* GOAL OF THE EXERCISE: Each line of the data must reappear exactly in your answer, with no images included.

Records drawn from a dataset
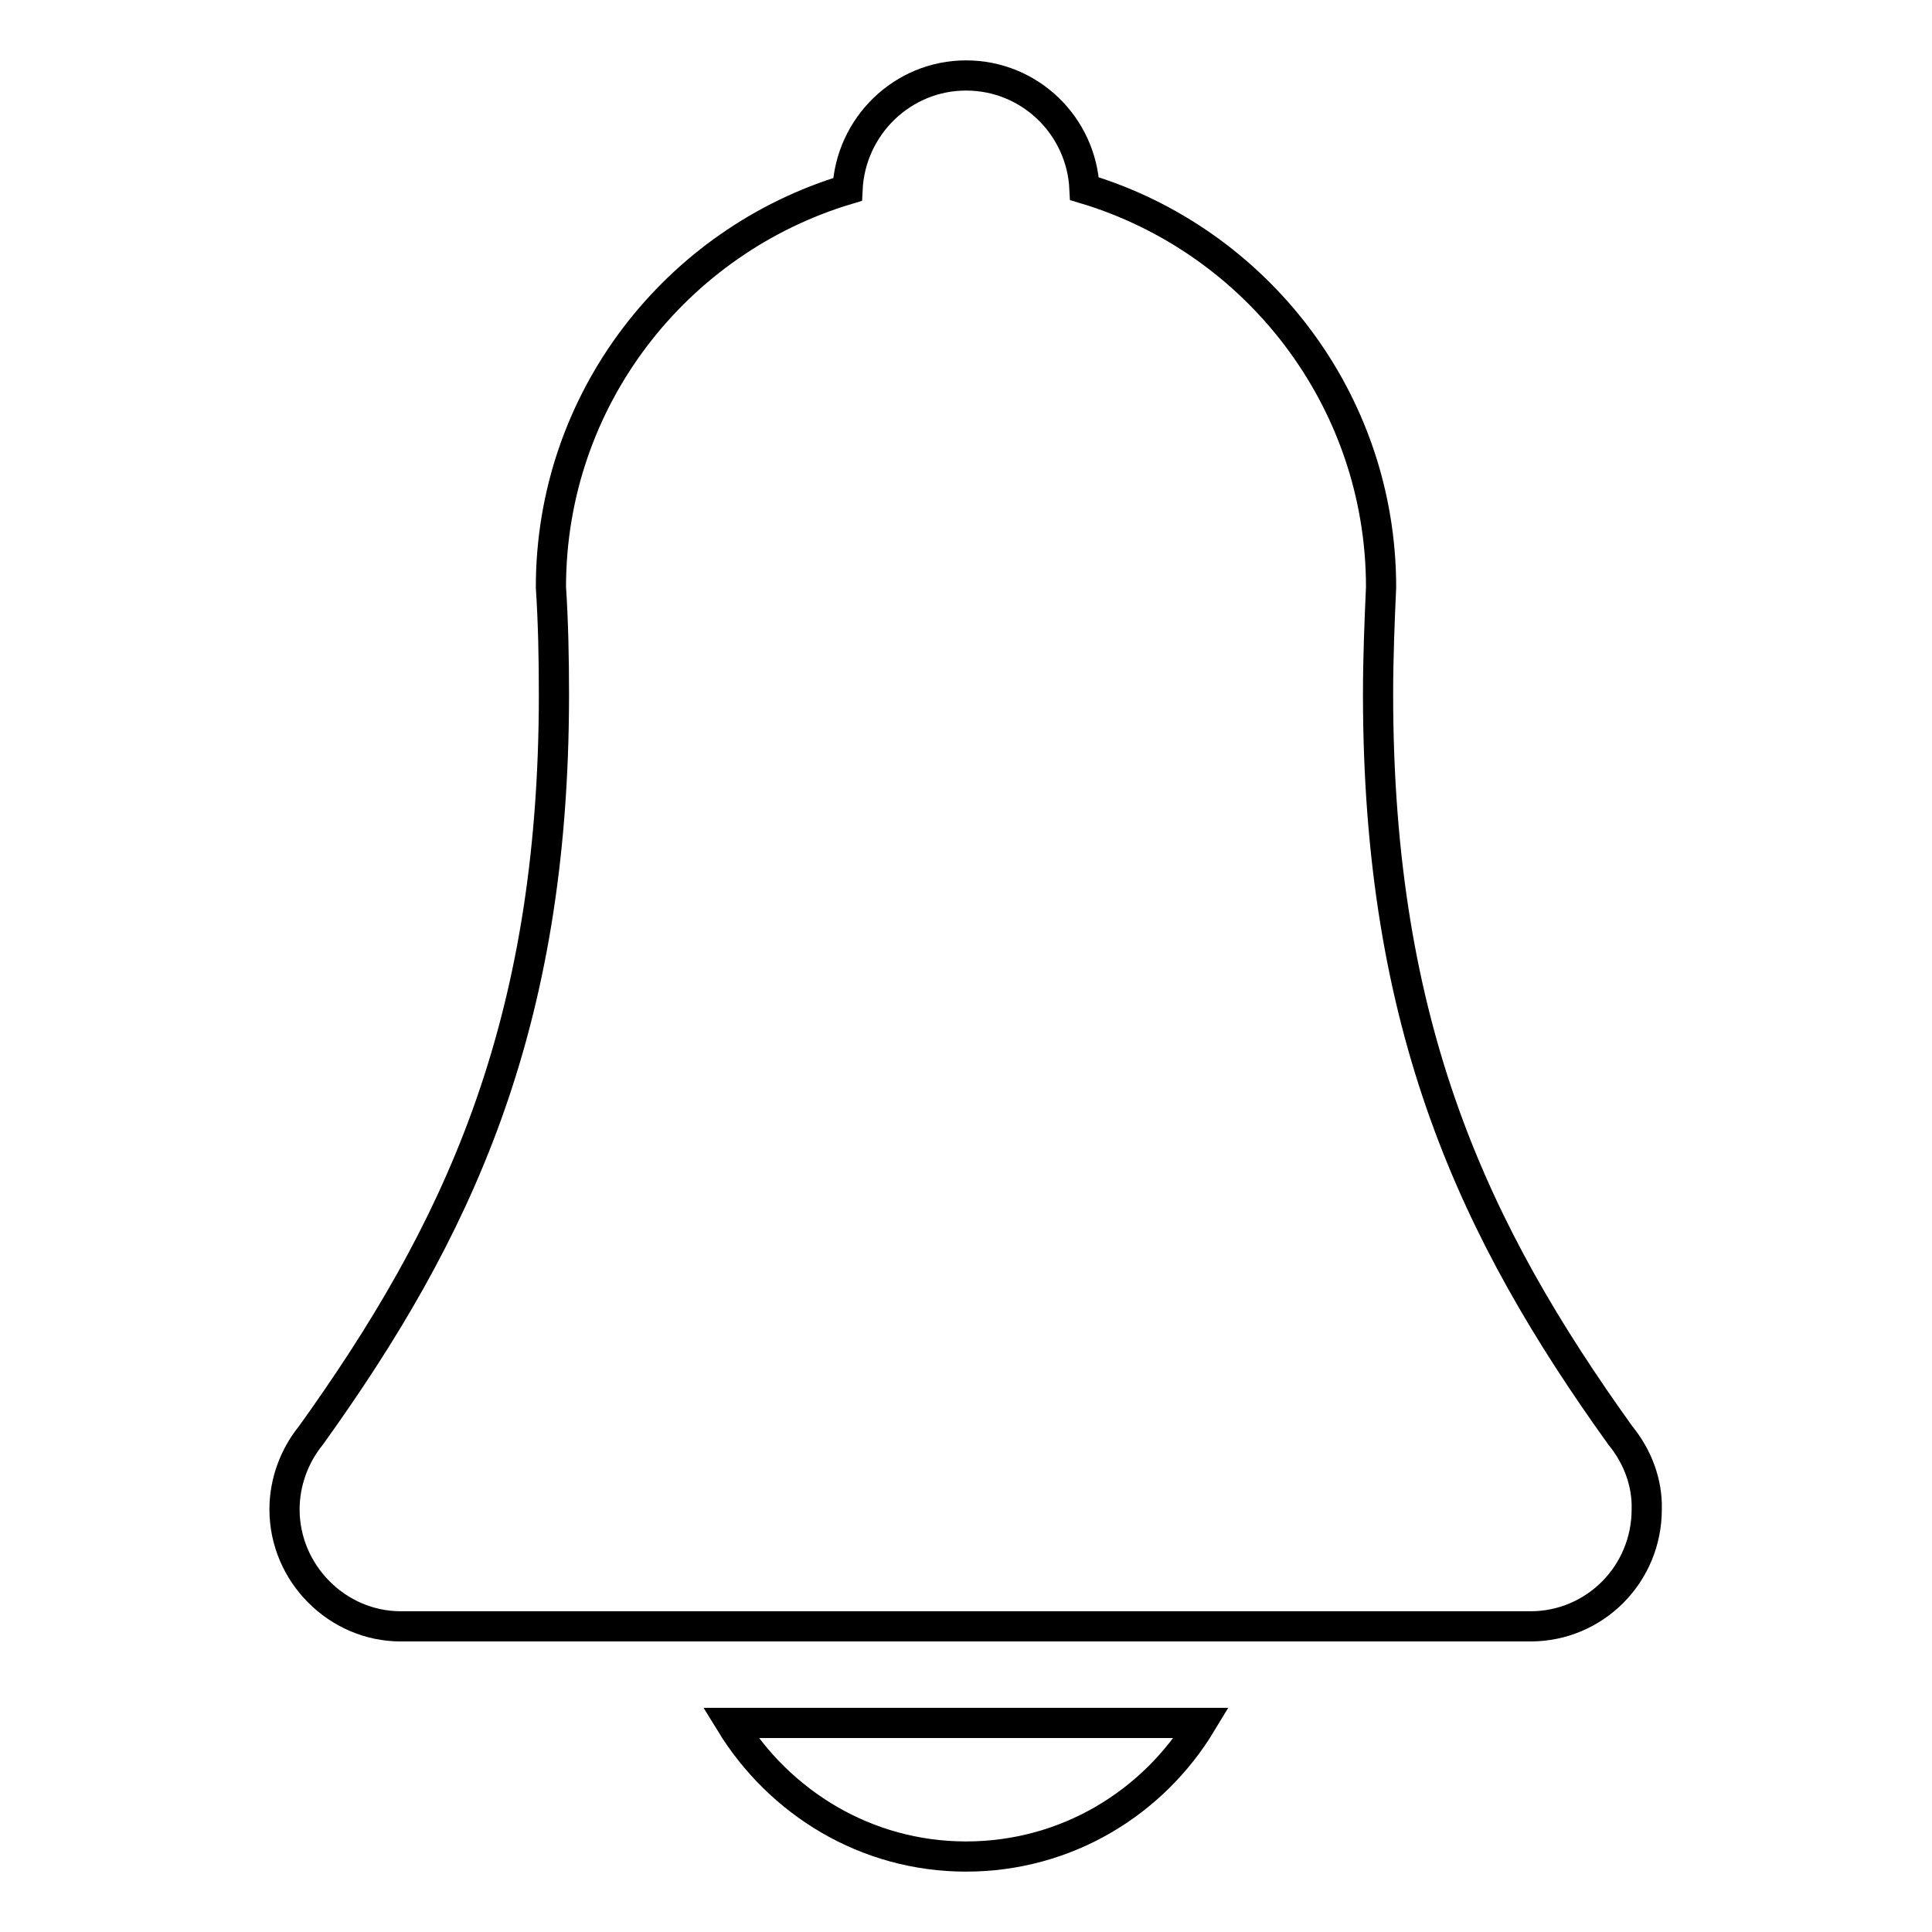 <?xml version="1.0" encoding="utf-8"?>
<!-- Svg Vector Icons : http://www.onlinewebfonts.com/icon -->
<!DOCTYPE svg PUBLIC "-//W3C//DTD SVG 1.1//EN" "http://www.w3.org/Graphics/SVG/1.1/DTD/svg11.dtd">
<svg version="1.1" xmlns="http://www.w3.org/2000/svg" xmlns:xlink="http://www.w3.org/1999/xlink" x="0px" y="0px" viewBox="0 0 256 256" enable-background="new 0 0 256 256" xml:space="preserve">
<g> <path stroke-width="4" fill-opacity="0" stroke="#000000"  d="M128,246c13.3,0,24.8-7.1,31.2-17.7H96.8C103.3,238.9,114.8,246,128,246z M214.7,190.2 c-19.3-26.9-32.1-53.9-32.1-98.2c0-4.9,0.2-9.7,0.4-14.2c0-24.9-16.6-46-39.3-52.8C143.3,16.7,136.5,10,128,10 c-8.4,0-15.3,6.7-15.7,15.1C89.6,31.9,73,52.9,73,77.8c0.3,4.6,0.4,9.3,0.4,14.2c0,44.3-12.9,71.3-32.2,98.2 c-2.2,2.7-3.5,6.2-3.5,9.8c0,8.5,7,15.5,15.4,15.5h149.7c8.5,0,15.4-6.9,15.4-15.5C218.3,196.5,217,193,214.7,190.2z"/></g>
</svg>

* RESPONSE TO THIS TASK:
 <?xml version="1.0" encoding="utf-8"?>
<!-- Svg Vector Icons : http://www.onlinewebfonts.com/icon -->
<!DOCTYPE svg PUBLIC "-//W3C//DTD SVG 1.1//EN" "http://www.w3.org/Graphics/SVG/1.1/DTD/svg11.dtd">
<svg version="1.1" xmlns="http://www.w3.org/2000/svg" xmlns:xlink="http://www.w3.org/1999/xlink" x="0px" y="0px" viewBox="0 0 256 256" enable-background="new 0 0 256 256" xml:space="preserve">
<g> <path stroke-width="4" fill-opacity="0" stroke="#000000"  d="M128,246c13.3,0,24.8-7.1,31.2-17.7H96.8C103.3,238.9,114.8,246,128,246z M214.7,190.2 c-19.3-26.9-32.1-53.9-32.1-98.2c0-4.9,0.2-9.7,0.4-14.2c0-24.9-16.6-46-39.3-52.8C143.3,16.7,136.5,10,128,10 c-8.4,0-15.3,6.7-15.7,15.1C89.6,31.9,73,52.9,73,77.8c0.3,4.6,0.4,9.3,0.4,14.2c0,44.3-12.9,71.3-32.2,98.2 c-2.2,2.7-3.5,6.2-3.5,9.8c0,8.5,7,15.5,15.4,15.5h149.7c8.5,0,15.4-6.9,15.4-15.5C218.3,196.5,217,193,214.7,190.2z"/></g>
</svg>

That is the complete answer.